The results for samples 16 and 17 (Table 3) further demonstrate that increasing the concentration of the gel modification additive increases the gel time (i.e., decreases the reaction rate). In this case, the gel modification additive is the same as the L and L' ligands (both tricyclohexylphosphine).
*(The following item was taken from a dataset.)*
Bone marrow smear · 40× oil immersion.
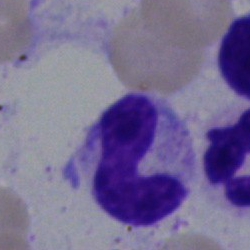

Cell: band-form neutrophil.

Since the gel modification additive and the L and L 1 ligands are the same, ligand exchange cannot effect the rate of reaction and we expect the additive to retard the reaction by competing with the monomer for the open coordination site.
Finally, the results for samples 29-33 (Table 3) demonstrate that when using a (PPh 3 ) 2 Cl 2 Ru(=CHCH=CMe 2 ) catalyst, adding either P(cyclopentyl) 3 or
P(cyclohexyl) 3 as a gel modification additive decreases the gel time (i.e., increases the reaction rate) compared to the gel time for the reaction with no additive (sample 32). This result is as expected since the catalyst with P(cyclopentyl) 3 or P(cyclopentyl) 3 L and L 1 ligands is more active than that with PPh 3 ligands.